(Records contained in a dataset)
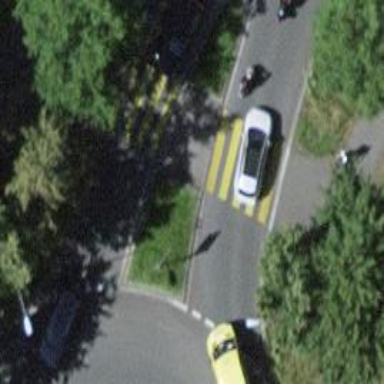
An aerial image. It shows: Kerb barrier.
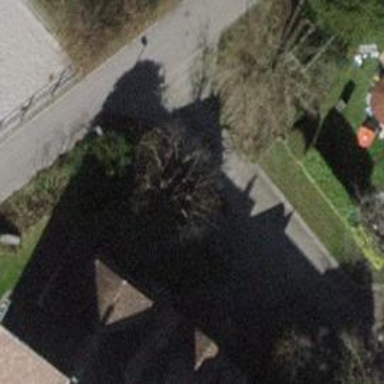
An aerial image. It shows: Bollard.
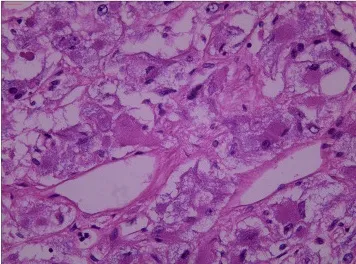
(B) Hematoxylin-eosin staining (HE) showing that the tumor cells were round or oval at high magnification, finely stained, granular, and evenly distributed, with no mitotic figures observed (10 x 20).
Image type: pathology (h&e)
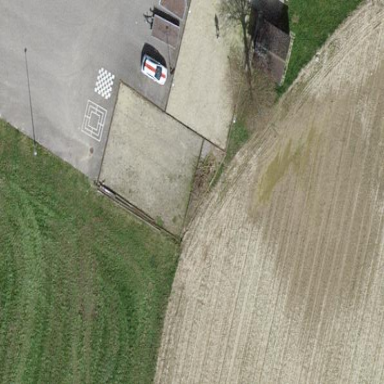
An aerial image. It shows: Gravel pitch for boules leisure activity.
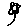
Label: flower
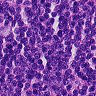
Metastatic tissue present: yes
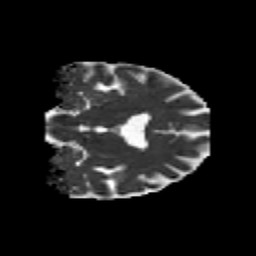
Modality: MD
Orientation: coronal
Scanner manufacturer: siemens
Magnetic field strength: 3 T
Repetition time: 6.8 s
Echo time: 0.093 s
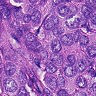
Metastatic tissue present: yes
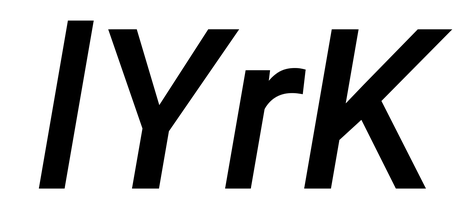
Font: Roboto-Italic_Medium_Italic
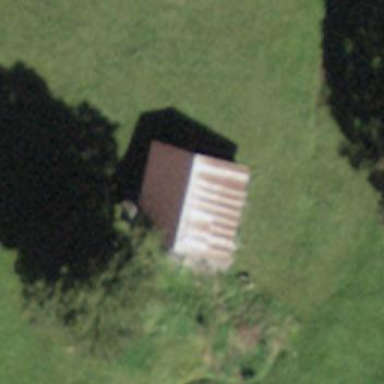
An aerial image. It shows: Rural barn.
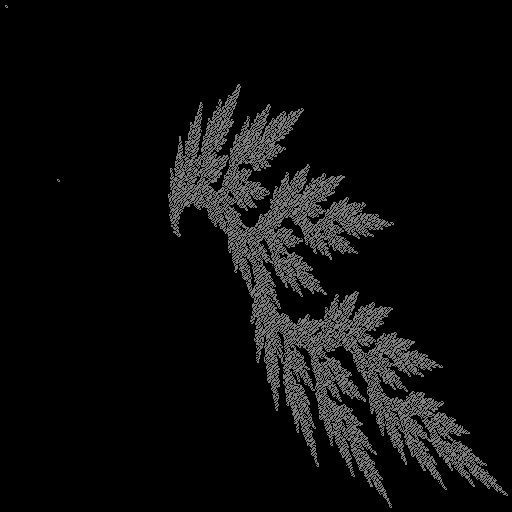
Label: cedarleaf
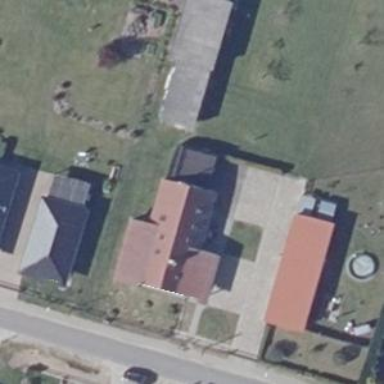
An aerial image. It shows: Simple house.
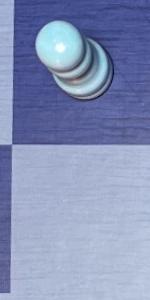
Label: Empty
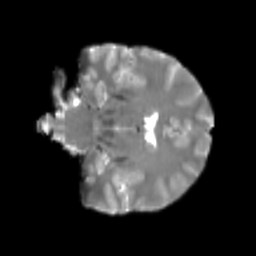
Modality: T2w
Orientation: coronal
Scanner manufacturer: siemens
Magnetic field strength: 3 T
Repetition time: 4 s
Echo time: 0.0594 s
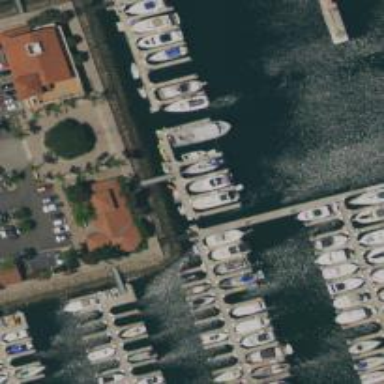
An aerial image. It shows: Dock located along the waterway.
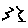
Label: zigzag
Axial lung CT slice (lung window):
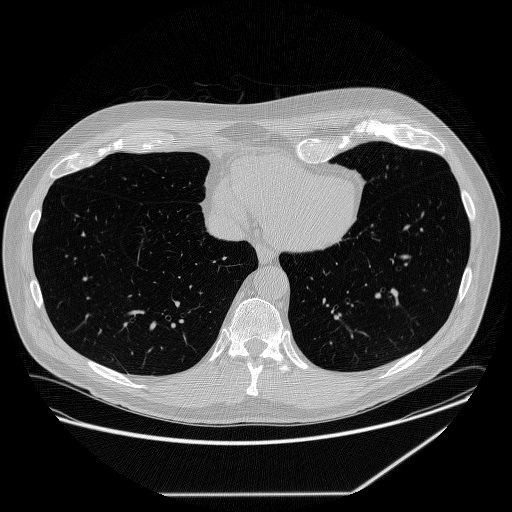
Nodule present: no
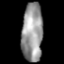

_WORK REQUIRED_.
Copy each entry exactly, with no pictures.

_ANSWER BOX_.
An aerial image. It shows: Kerb barrier.
An aerial image. It shows: Bollard.
(B) Hematoxylin-eosin staining (HE) showing that the tumor cells were round or oval at high magnification, finely stained, granular, and evenly distributed, with no mitotic figures observed (10 x 20).
Image type: pathology (h&e)
An aerial image. It shows: Gravel pitch for boules leisure activity.
Label: flower
Metastatic tissue present: yes
Modality: MD
Orientation: coronal
Scanner manufacturer: siemens
Magnetic field strength: 3 T
Repetition time: 6.8 s
Echo time: 0.093 s
Metastatic tissue present: yes
Font: Roboto-Italic_Medium_Italic
An aerial image. It shows: Rural barn.
Label: cedarleaf
An aerial image. It shows: Simple house.
Label: Empty
Modality: T2w
Orientation: coronal
Scanner manufacturer: siemens
Magnetic field strength: 3 T
Repetition time: 4 s
Echo time: 0.0594 s
An aerial image. It shows: Dock located along the waterway.
Label: zigzag
Axial lung CT slice (lung window):
Nodule present: no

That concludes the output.